### What the exercise asks
Repeat the data exactly. Pictures are not part of the copy.

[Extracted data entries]
• • • • •

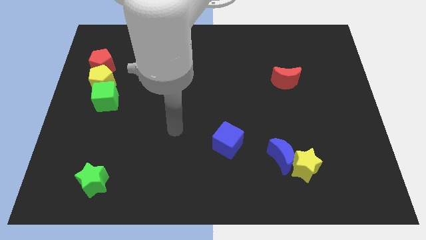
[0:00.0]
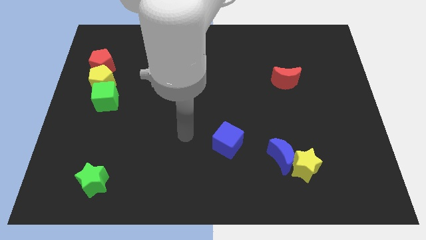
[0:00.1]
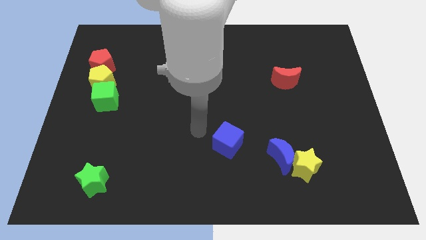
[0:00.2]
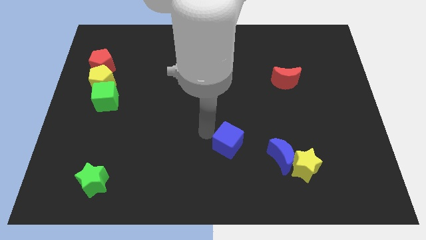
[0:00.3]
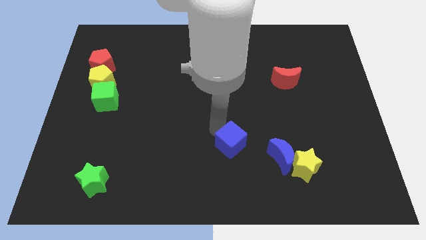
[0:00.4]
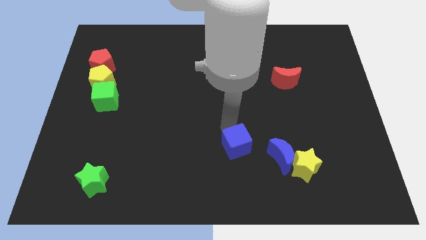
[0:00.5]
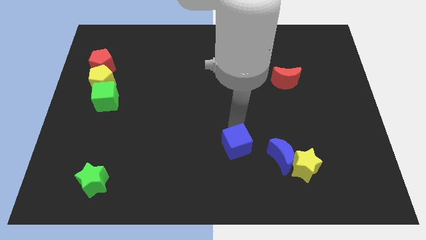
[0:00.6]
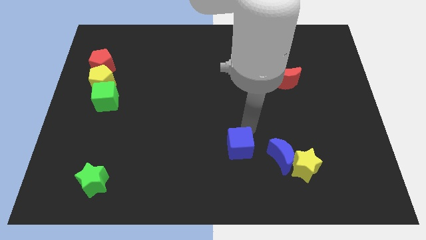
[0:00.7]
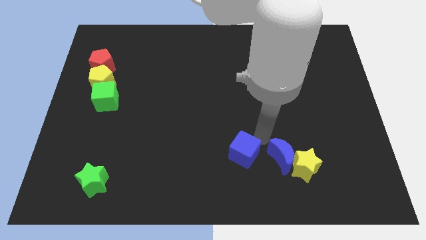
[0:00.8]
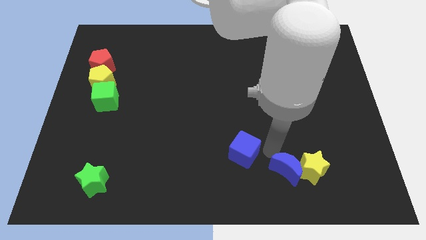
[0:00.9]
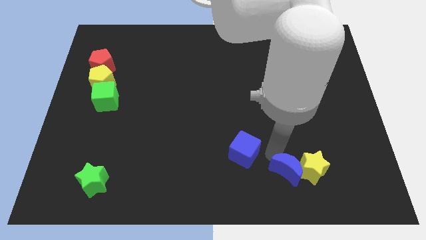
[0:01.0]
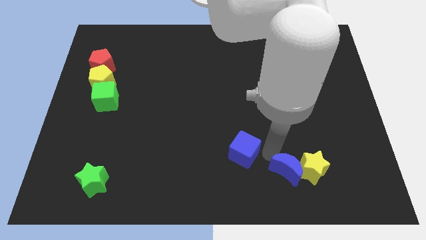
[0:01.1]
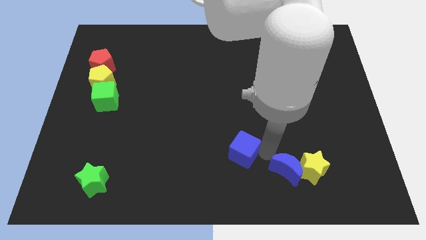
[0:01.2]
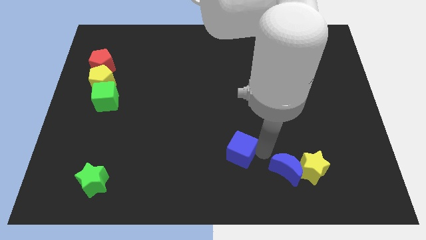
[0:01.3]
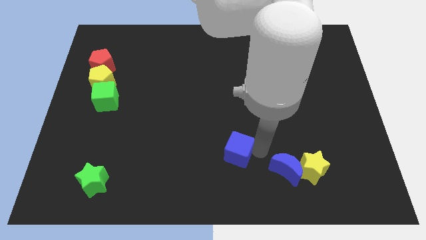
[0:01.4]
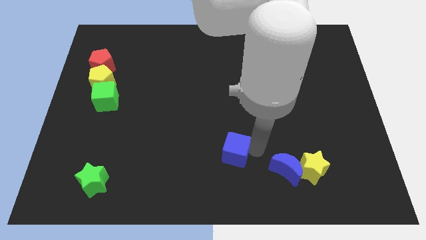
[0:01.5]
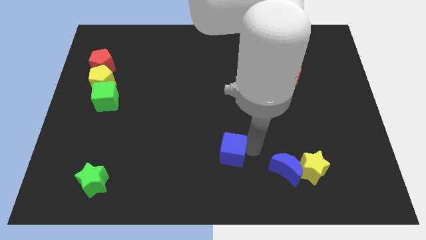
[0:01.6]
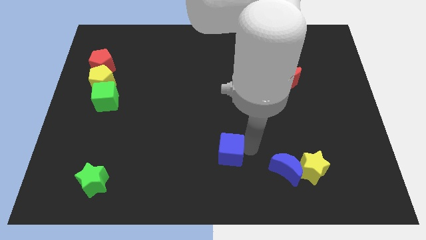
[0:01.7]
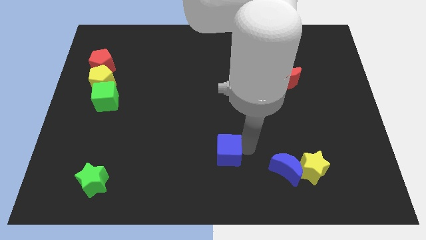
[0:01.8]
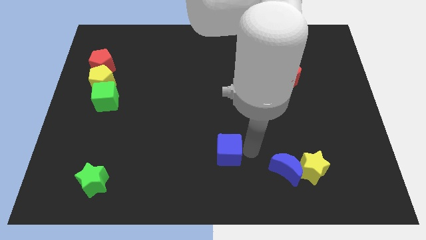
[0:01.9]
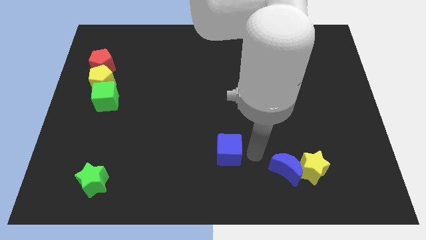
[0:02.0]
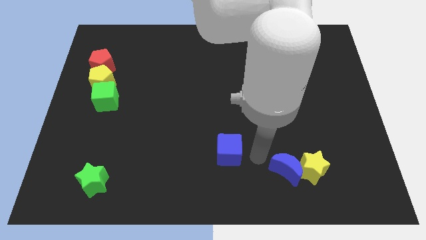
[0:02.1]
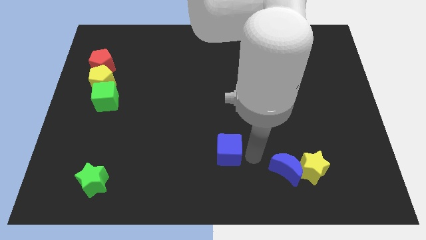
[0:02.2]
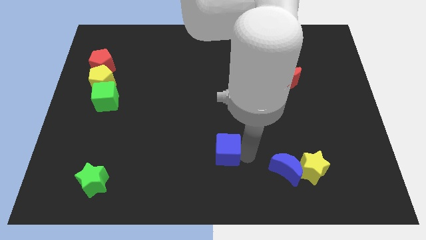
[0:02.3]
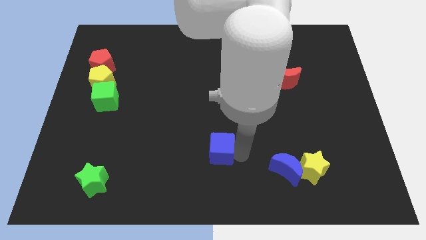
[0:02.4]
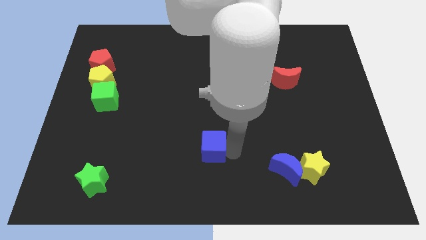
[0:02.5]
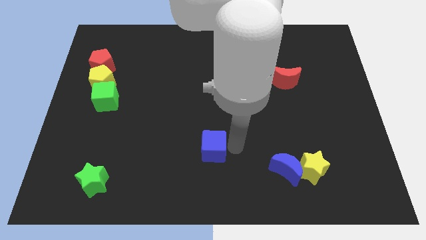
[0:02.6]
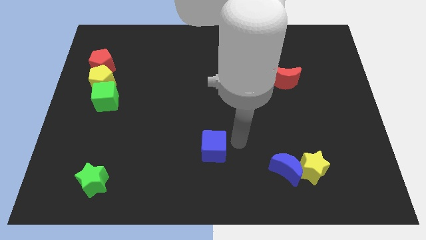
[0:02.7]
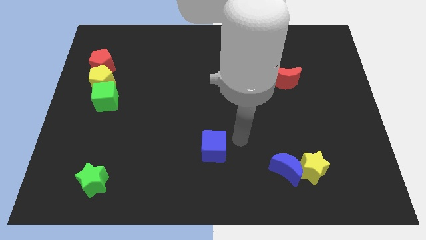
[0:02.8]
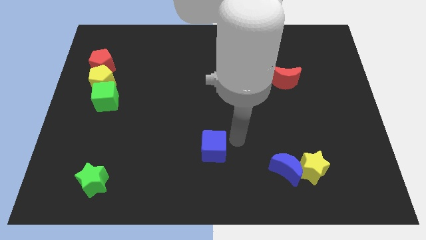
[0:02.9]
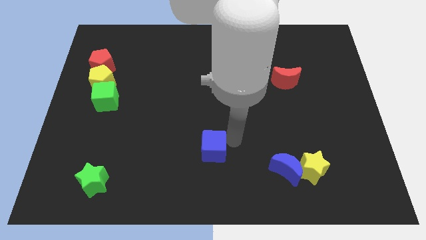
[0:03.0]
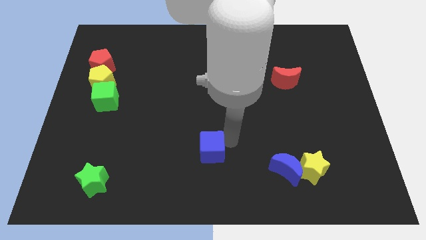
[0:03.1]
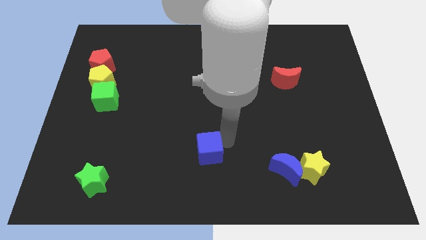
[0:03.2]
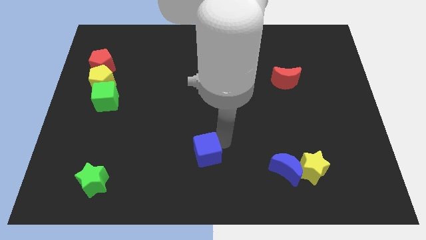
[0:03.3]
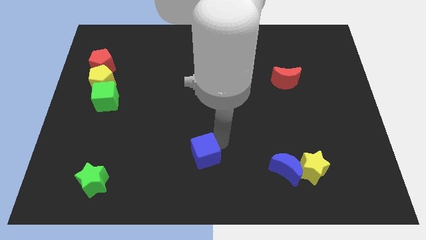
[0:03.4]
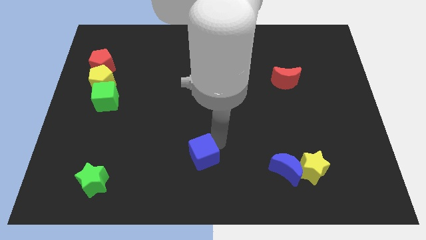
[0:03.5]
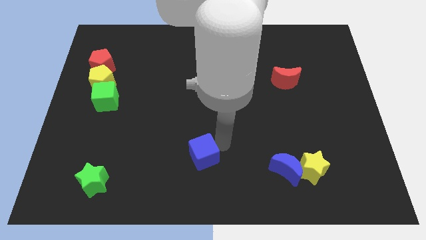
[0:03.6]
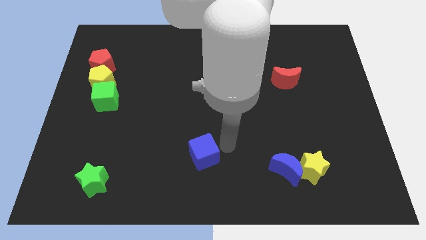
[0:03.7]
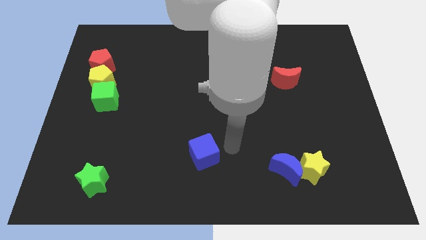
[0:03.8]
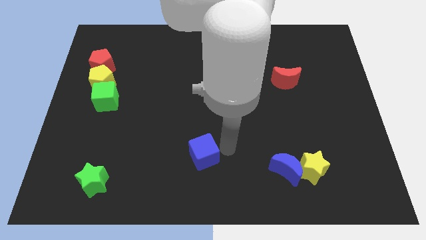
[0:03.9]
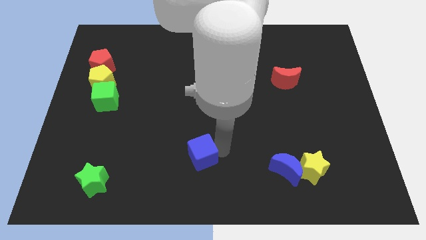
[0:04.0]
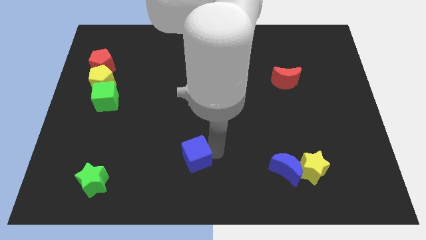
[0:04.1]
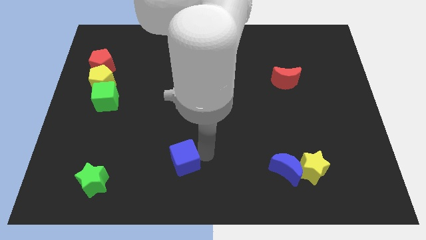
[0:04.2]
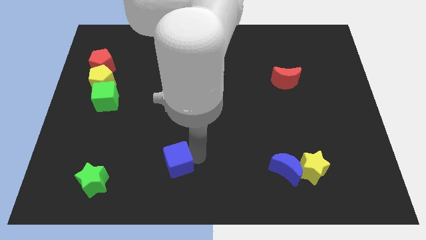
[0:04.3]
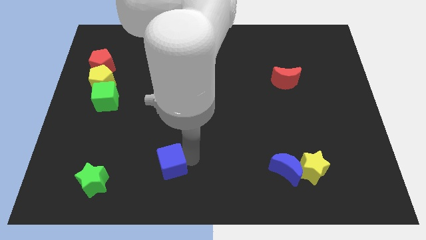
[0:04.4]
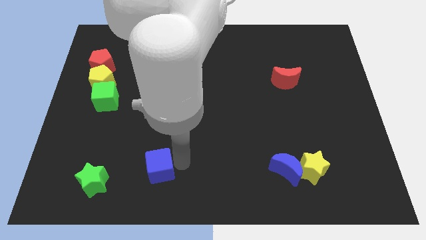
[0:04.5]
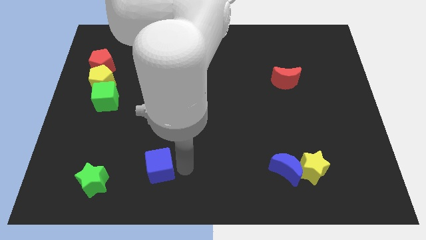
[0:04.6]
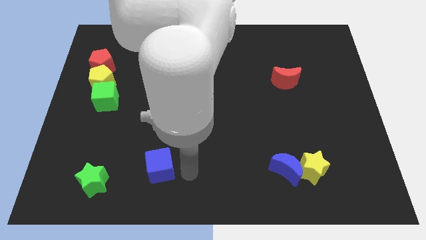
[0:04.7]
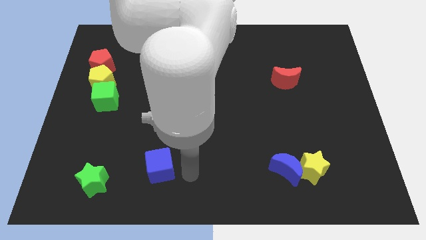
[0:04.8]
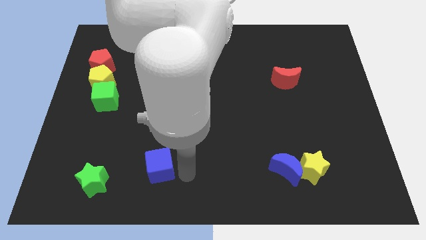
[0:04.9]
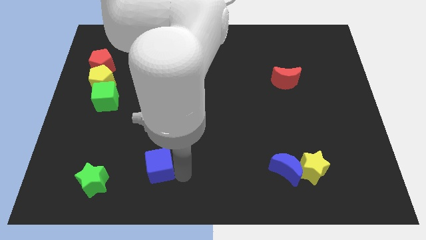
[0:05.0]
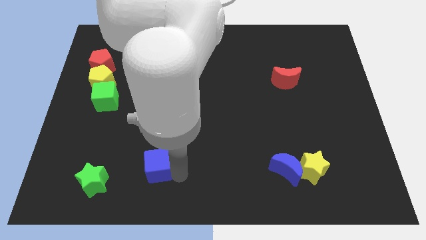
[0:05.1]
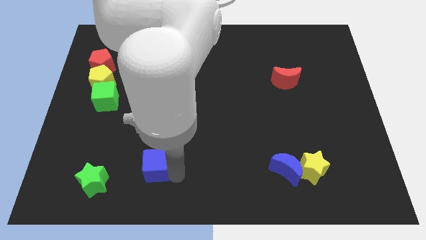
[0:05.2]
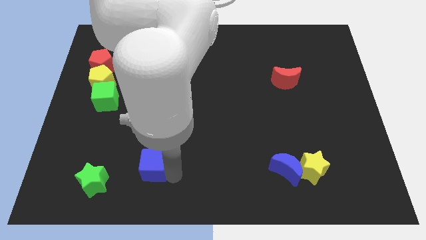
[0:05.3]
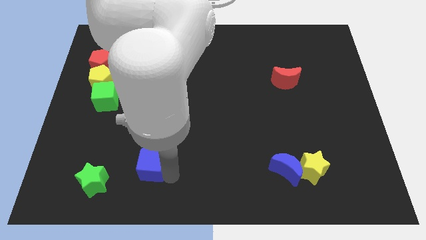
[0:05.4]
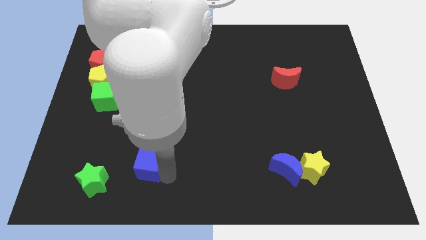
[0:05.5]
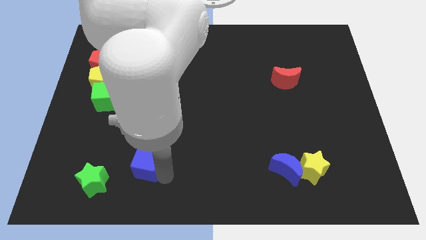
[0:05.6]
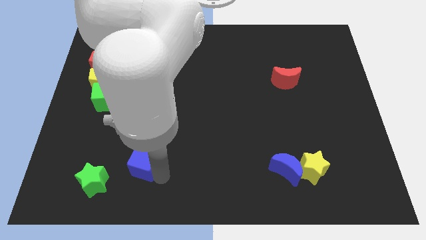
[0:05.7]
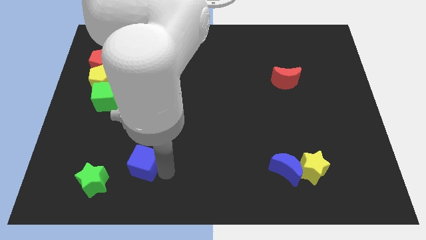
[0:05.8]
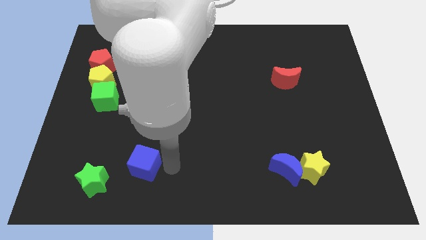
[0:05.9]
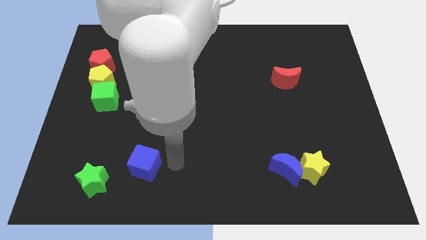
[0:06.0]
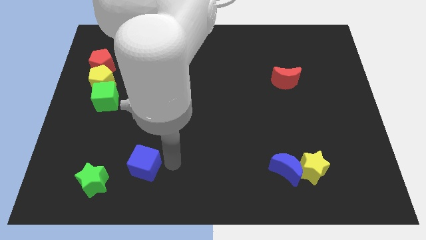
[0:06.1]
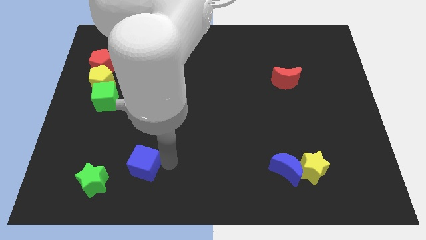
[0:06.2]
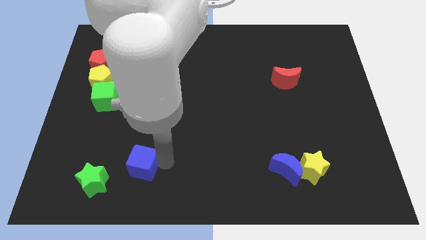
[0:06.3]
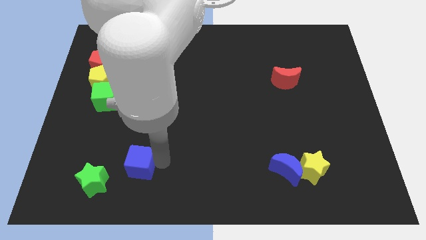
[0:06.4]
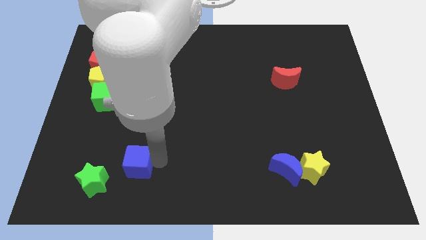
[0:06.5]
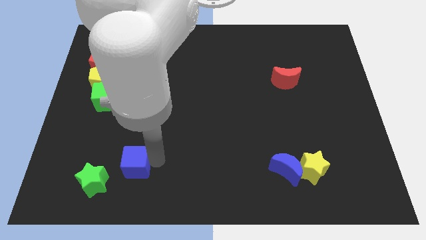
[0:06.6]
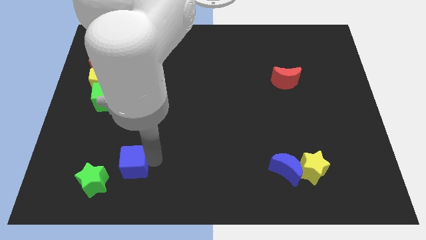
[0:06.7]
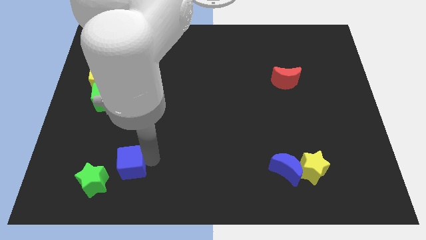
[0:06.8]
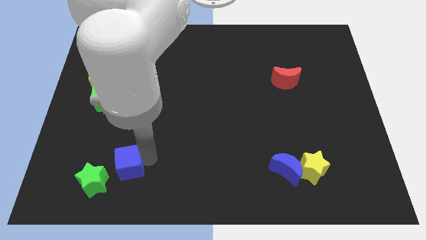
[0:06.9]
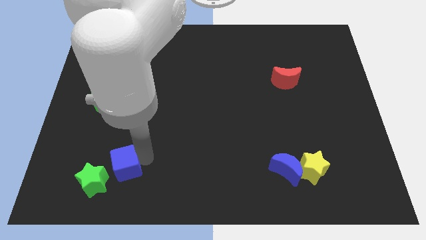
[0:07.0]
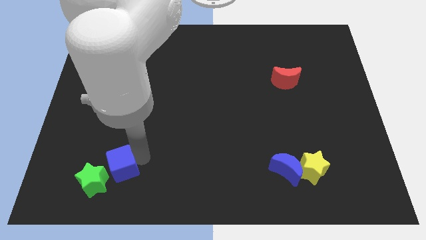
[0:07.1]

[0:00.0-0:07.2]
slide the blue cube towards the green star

• • • • •

### Exercise solution
[0:00.0]
[0:00.1]
[0:00.2]
[0:00.3]
[0:00.4]
[0:00.5]
[0:00.6]
[0:00.7]
[0:00.8]
[0:00.9]
[0:01.0]
[0:01.1]
[0:01.2]
[0:01.3]
[0:01.4]
[0:01.5]
[0:01.6]
[0:01.7]
[0:01.8]
[0:01.9]
[0:02.0]
[0:02.1]
[0:02.2]
[0:02.3]
[0:02.4]
[0:02.5]
[0:02.6]
[0:02.7]
[0:02.8]
[0:02.9]
[0:03.0]
[0:03.1]
[0:03.2]
[0:03.3]
[0:03.4]
[0:03.5]
[0:03.6]
[0:03.7]
[0:03.8]
[0:03.9]
[0:04.0]
[0:04.1]
[0:04.2]
[0:04.3]
[0:04.4]
[0:04.5]
[0:04.6]
[0:04.7]
[0:04.8]
[0:04.9]
[0:05.0]
[0:05.1]
[0:05.2]
[0:05.3]
[0:05.4]
[0:05.5]
[0:05.6]
[0:05.7]
[0:05.8]
[0:05.9]
[0:06.0]
[0:06.1]
[0:06.2]
[0:06.3]
[0:06.4]
[0:06.5]
[0:06.6]
[0:06.7]
[0:06.8]
[0:06.9]
[0:07.0]
[0:07.1]

[0:00.0-0:07.2]
slide the blue cube towards the green star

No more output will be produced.